**WHAT IS REQUIRED:** Down to the last line, restate the records word for word, but not the pictures.

**DATA PROVIDED:**
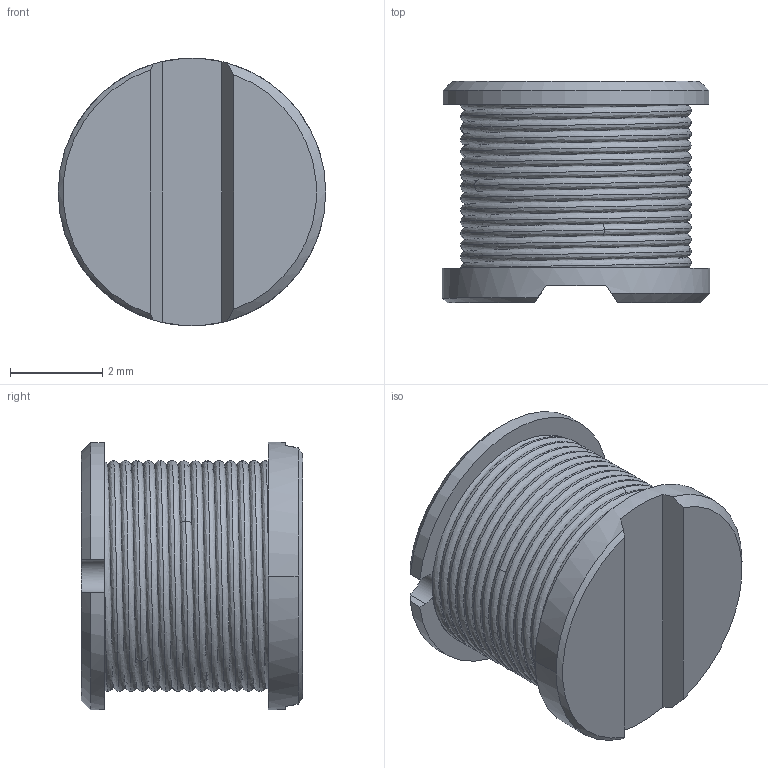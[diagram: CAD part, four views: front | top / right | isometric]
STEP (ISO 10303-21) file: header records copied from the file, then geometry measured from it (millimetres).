
FILE_DESCRIPTION (( 'STEP AP214' ), '1' );
FILE_NAME ('bournsPM542.STEP', '2020-01-26T06:22:55', ( '' ), ( '' ), 'SwSTEP 2.0', 'SolidWorks 2020', '' );
FILE_SCHEMA (( 'AUTOMOTIVE_DESIGN' ));
Length unit declared in the file: millimetre
Products named in the file (1): bournsPM542
Bounding box: 5.8 x 4.8 x 5.8 mm (x, y, z)
Volume: 39.7 mm3; surface area: 285.7 mm2
Topology: 1 solids, 1 shells, 36 faces, 87 edges, 54 vertices
Faces by surface type: plane 17, bspline 8, cylinder 6, cone 5
Entity records: 8189 total; most frequent: CARTESIAN_POINT 7136, ORIENTED_EDGE 174, DIRECTION 129, EDGE_CURVE 87, AXIS2_PLACEMENT_3D 55, VERTEX_POINT 54, B_SPLINE_CURVE_WITH_KNOTS 42, EDGE_LOOP 37
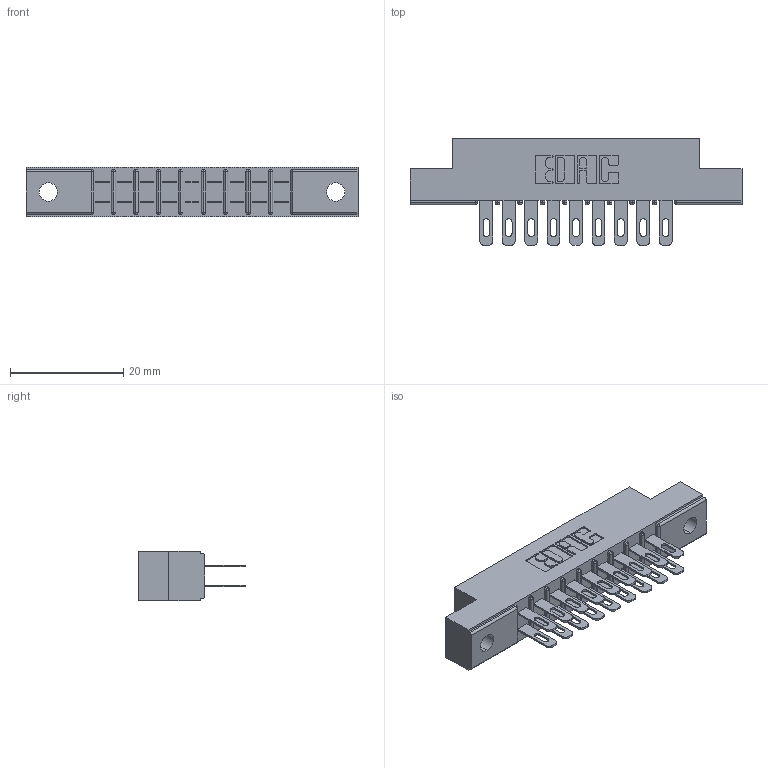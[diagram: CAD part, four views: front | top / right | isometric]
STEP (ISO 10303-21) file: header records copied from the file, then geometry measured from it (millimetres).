
FILE_DESCRIPTION (( 'STEP AP203' ), '1' );
FILE_NAME ('355-018-500-502.STEP', '2019-09-11T02:28:20', ( '' ), ( '' ), 'SwSTEP 2.0', 'SolidWorks 2016', '' );
FILE_SCHEMA (( 'CONFIG_CONTROL_DESIGN' ));
Length unit declared in the file: inch
Products named in the file (3): 355-018-500-502; 305 Part_.128 Dia; 305-290-001_500
Assembly tree (19 placements, depth 2):
  355-018-500-502
    305 Part_.128 Dia
    305-290-001_500  x18
Bounding box: 58.67 x 18.85 x 8.71 mm (x, y, z)
Volume: 3586.2 mm3; surface area: 6375.3 mm2
Topology: 19 solids, 19 shells, 1016 faces, 2899 edges, 1882 vertices
Faces by surface type: plane 572, cylinder 408, sphere 36
Entity records: 13786 total; most frequent: CARTESIAN_POINT 2281, ORIENTED_EDGE 2258, DIRECTION 2235, EDGE_CURVE 1129, VECTOR 875, LINE 875, VERTEX_POINT 726, AXIS2_PLACEMENT_3D 680

**SOLUTION FOR THIS EXERCISE:**
[diagram: CAD part, four views: front | top / right | isometric]
STEP (ISO 10303-21) file: header records copied from the file, then geometry measured from it (millimetres).
FILE_DESCRIPTION (( 'STEP AP214' ), '1' );
FILE_NAME ('bournsPM542.STEP', '2020-01-26T06:22:55', ( '' ), ( '' ), 'SwSTEP 2.0', 'SolidWorks 2020', '' );
FILE_SCHEMA (( 'AUTOMOTIVE_DESIGN' ));
Length unit declared in the file: millimetre
Products named in the file (1): bournsPM542
Bounding box: 5.8 x 4.8 x 5.8 mm (x, y, z)
Volume: 39.7 mm3; surface area: 285.7 mm2
Topology: 1 solids, 1 shells, 36 faces, 87 edges, 54 vertices
Faces by surface type: plane 17, bspline 8, cylinder 6, cone 5
Entity records: 8189 total; most frequent: CARTESIAN_POINT 7136, ORIENTED_EDGE 174, DIRECTION 129, EDGE_CURVE 87, AXIS2_PLACEMENT_3D 55, VERTEX_POINT 54, B_SPLINE_CURVE_WITH_KNOTS 42, EDGE_LOOP 37
[diagram: CAD part, four views: front | top / right | isometric]
STEP (ISO 10303-21) file: header records copied from the file, then geometry measured from it (millimetres).
FILE_DESCRIPTION (( 'STEP AP203' ), '1' );
FILE_NAME ('355-018-500-502.STEP', '2019-09-11T02:28:20', ( '' ), ( '' ), 'SwSTEP 2.0', 'SolidWorks 2016', '' );
FILE_SCHEMA (( 'CONFIG_CONTROL_DESIGN' ));
Length unit declared in the file: inch
Products named in the file (3): 355-018-500-502; 305 Part_.128 Dia; 305-290-001_500
Assembly tree (19 placements, depth 2):
  355-018-500-502
    305 Part_.128 Dia
    305-290-001_500  x18
Bounding box: 58.67 x 18.85 x 8.71 mm (x, y, z)
Volume: 3586.2 mm3; surface area: 6375.3 mm2
Topology: 19 solids, 19 shells, 1016 faces, 2899 edges, 1882 vertices
Faces by surface type: plane 572, cylinder 408, sphere 36
Entity records: 13786 total; most frequent: CARTESIAN_POINT 2281, ORIENTED_EDGE 2258, DIRECTION 2235, EDGE_CURVE 1129, VECTOR 875, LINE 875, VERTEX_POINT 726, AXIS2_PLACEMENT_3D 680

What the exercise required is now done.